The list of other CMS priority comorbidities can be found in the Supplemental Methods at http://stroke.ahajournals.org.
Figure 2. Odds Ratio of Post-Hemorrhage Anticoagulation Use for the Dabigatran Cohort.
Notes:
Abbreviations: CMS=Centers for Medicare and Medicaid Services; IC=Intracranial; GI=Gastrointestinal.
Results from a multinomial logistic regression model. The odds ratio for restarting dabigatran as opposed to not using any oral anticoagulation for patients experiencing an intracranial bleeding compared to those experiencing a gastrointestinal bleeding could not be estimated because none of the patients undergoing a gastrointestinal bleeding resumed dabigatran therapy after the index bleeding event.
Figure 3. Odds Ratio of Post-Hemorrhage Anticoagulation Use for the Warfarin Cohort.
Notes:
Abbreviations: CMS=Centers for Medicare and Medicaid Services; IC=Intracranial; GI=Gastrointestinal.

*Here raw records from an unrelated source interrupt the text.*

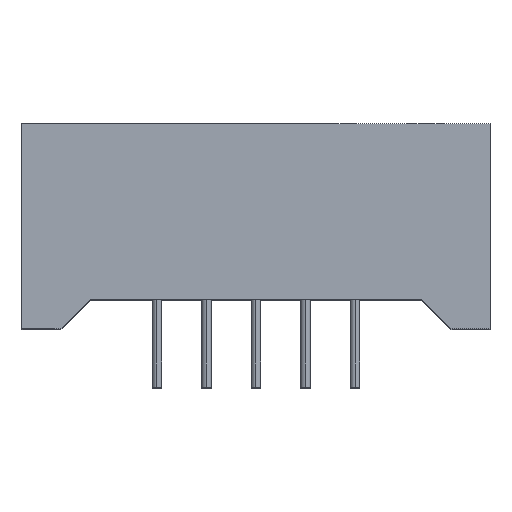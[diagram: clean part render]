
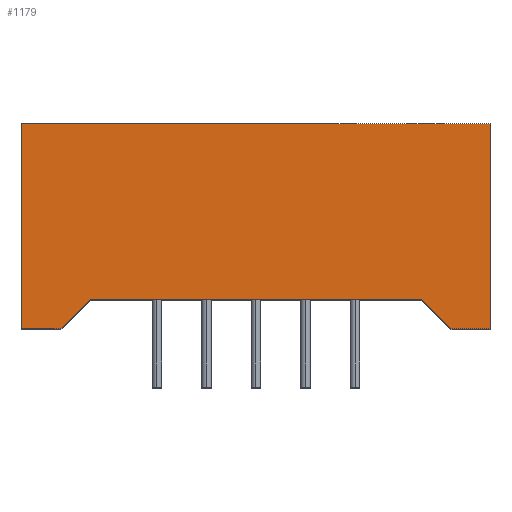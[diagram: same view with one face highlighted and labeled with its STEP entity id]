
A CAD part, top view. The second image highlights one B-rep face of the part: STEP entity #1179.
In plain terms, the highlighted planar face has unit normal (0, 0, 1).
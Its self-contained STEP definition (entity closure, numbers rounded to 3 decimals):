
#48 = CARTESIAN_POINT ( 'NONE',  ( 24., 0., 0. ) ) ;
#136 = VERTEX_POINT ( 'NONE', #1525 ) ;
#139 = CARTESIAN_POINT ( 'NONE',  ( 3.5, 1.5, 0. ) ) ;
#199 = CARTESIAN_POINT ( 'NONE',  ( 22., 0., 0. ) ) ;
#302 = VERTEX_POINT ( 'NONE', #48 ) ;
#307 = CARTESIAN_POINT ( 'NONE',  ( 24., 10.5, 0. ) ) ;
#311 = CARTESIAN_POINT ( 'NONE',  ( 0., 10.5, 0. ) ) ;
#438 = LINE ( 'NONE', #1023, #1473 ) ;
#457 = DIRECTION ( 'NONE',  ( 1., 0., 0. ) ) ;
#503 = VECTOR ( 'NONE', #2357, 1000. ) ;
#568 = DIRECTION ( 'NONE',  ( 0., -1., 0. ) ) ;
#653 = VERTEX_POINT ( 'NONE', #966 ) ;
#701 = LINE ( 'NONE', #1614, #1507 ) ;
#705 = DIRECTION ( 'NONE',  ( 0., 0., -1. ) ) ;
#855 = EDGE_CURVE ( 'NONE', #3092, #302, #438, .T. ) ;
#897 = ORIENTED_EDGE ( 'NONE', *, *, #2201, .F. ) ;
#910 = LINE ( 'NONE', #1468, #2444 ) ;
#958 = ORIENTED_EDGE ( 'NONE', *, *, #2267, .T. ) ;
#966 = CARTESIAN_POINT ( 'NONE',  ( 24., 10.5, 0. ) ) ;
#990 = VECTOR ( 'NONE', #1609, 1000. ) ;
#1023 = CARTESIAN_POINT ( 'NONE',  ( 0., 0., 0. ) ) ;
#1028 = CARTESIAN_POINT ( 'NONE',  ( 1., -1., 0. ) ) ;
#1075 = LINE ( 'NONE', #307, #2581 ) ;
#1179 = ADVANCED_FACE ( 'NONE', ( #2498 ), #1215, .F. ) ;
#1185 = VERTEX_POINT ( 'NONE', #139 ) ;
#1215 = PLANE ( 'NONE',  #1418 ) ;
#1232 = CARTESIAN_POINT ( 'NONE',  ( 0., 10.5, 0. ) ) ;
#1242 = DIRECTION ( 'NONE',  ( 1., 0., 0. ) ) ;
#1253 = DIRECTION ( 'NONE',  ( -1., 0., 0. ) ) ;
#1339 = CARTESIAN_POINT ( 'NONE',  ( 0., 10.5, 0. ) ) ;
#1355 = DIRECTION ( 'NONE',  ( 0., -1., 0. ) ) ;
#1370 = EDGE_CURVE ( 'NONE', #653, #302, #1075, .T. ) ;
#1418 = AXIS2_PLACEMENT_3D ( 'NONE', #1232, #705, #1253 ) ;
#1468 = CARTESIAN_POINT ( 'NONE',  ( 0., 10.5, 0. ) ) ;
#1473 = VECTOR ( 'NONE', #3296, 1000. ) ;
#1507 = VECTOR ( 'NONE', #2355, 1000. ) ;
#1525 = CARTESIAN_POINT ( 'NONE',  ( 2., 0., 0. ) ) ;
#1526 = VERTEX_POINT ( 'NONE', #1339 ) ;
#1572 = CARTESIAN_POINT ( 'NONE',  ( 20.5, 1.5, 0. ) ) ;
#1609 = DIRECTION ( 'NONE',  ( 0.707, -0.707, 0. ) ) ;
#1614 = CARTESIAN_POINT ( 'NONE',  ( 0., 1.5, 0. ) ) ;
#1662 = ORIENTED_EDGE ( 'NONE', *, *, #1949, .T. ) ;
#1784 = ORIENTED_EDGE ( 'NONE', *, *, #1937, .T. ) ;
#1937 = EDGE_CURVE ( 'NONE', #3288, #3092, #3216, .T. ) ;
#1949 = EDGE_CURVE ( 'NONE', #1526, #2992, #2494, .T. ) ;
#2201 = EDGE_CURVE ( 'NONE', #1526, #653, #910, .T. ) ;
#2258 = VECTOR ( 'NONE', #568, 1000. ) ;
#2267 = EDGE_CURVE ( 'NONE', #2992, #136, #2620, .T. ) ;
#2331 = EDGE_LOOP ( 'NONE', ( #1784, #2597, #2960, #897, #1662, #958, #2361, #2837 ) ) ;
#2355 = DIRECTION ( 'NONE',  ( 1., 0., 0. ) ) ;
#2357 = DIRECTION ( 'NONE',  ( 0.707, 0.707, 0. ) ) ;
#2361 = ORIENTED_EDGE ( 'NONE', *, *, #3290, .T. ) ;
#2444 = VECTOR ( 'NONE', #457, 1000. ) ;
#2494 = LINE ( 'NONE', #311, #2258 ) ;
#2498 = FACE_OUTER_BOUND ( 'NONE', #2331, .T. ) ;
#2581 = VECTOR ( 'NONE', #1355, 1000. ) ;
#2597 = ORIENTED_EDGE ( 'NONE', *, *, #855, .T. ) ;
#2620 = LINE ( 'NONE', #3048, #2694 ) ;
#2694 = VECTOR ( 'NONE', #1242, 1000. ) ;
#2698 = CARTESIAN_POINT ( 'NONE',  ( 0., 0., 0. ) ) ;
#2756 = EDGE_CURVE ( 'NONE', #1185, #3288, #701, .T. ) ;
#2837 = ORIENTED_EDGE ( 'NONE', *, *, #2756, .T. ) ;
#2960 = ORIENTED_EDGE ( 'NONE', *, *, #1370, .F. ) ;
#2992 = VERTEX_POINT ( 'NONE', #2698 ) ;
#3048 = CARTESIAN_POINT ( 'NONE',  ( 0., 0., 0. ) ) ;
#3092 = VERTEX_POINT ( 'NONE', #199 ) ;
#3128 = CARTESIAN_POINT ( 'NONE',  ( 11., 11., 0. ) ) ;
#3216 = LINE ( 'NONE', #3128, #990 ) ;
#3288 = VERTEX_POINT ( 'NONE', #1572 ) ;
#3289 = LINE ( 'NONE', #1028, #503 ) ;
#3290 = EDGE_CURVE ( 'NONE', #136, #1185, #3289, .T. ) ;
#3296 = DIRECTION ( 'NONE',  ( 1., 0., 0. ) ) ;

Results from a multinomial logistic regression model. The odds ratio for switching to dabigatran as opposed to interrupting anticoagulation for patients of other race compared to white patients could not be estimated because none of the patients belonging to other racial minorities switched to dabigatran after the index bleeding event.
Ischemic Stroke
Before adjustment, there was no difference in the risk of stroke among treatment groups in two cohorts: the cumulative incidence of ischemic stroke at 1 year was 0.20(95% CI, 0.12-0.29) for dabigatran users resuming dabigatran, 0.15(95% CI, 0.08-0.21) for dabigatran users who discontinued anticoagulation, 0.21(95% CI, 0.10-0.32) for dabigatran users switching to warfarin, 0.17(95% CI, 0.13-0.21) for warfarin users resuming warfarin, 0.14(95%CI, 0.11-0.18) for warfarin users who discontinued anticoagulation, and 0.25(95% CI, 0.06-0.44) for warfarin users switching to dabigatran (Table III at http://stroke.ahajournals.org). After adjustment for potential confounders, the risk of ischemic stroke did not differ between patients who resumed dabigatran (hazard ratio (HR) 1.29; 95% CI, 0.69-2.43) or switched to warfarin (HR 1.26; 95% CI, 0.63-2.65) and those who did not reinitiate anticoagulation. In the warfarin cohort, similarly, the risk of ischemic stroke did not differ among treatment groups (HR 0.75; 95% CI, 0.57-0.98 for resumption of warfarin vs. discontinuation of anticoagulation, and HR 0.37; 95% CI, 0.23-0.58 for switching to warfarin vs. discontinuation of anticoagulation). When the two cohorts were analyzed simultaneously based on the treatment received after the index hemorrhage, once again, there was no difference in the risk of ischemic stroke among post-hemorrhage treatment groups.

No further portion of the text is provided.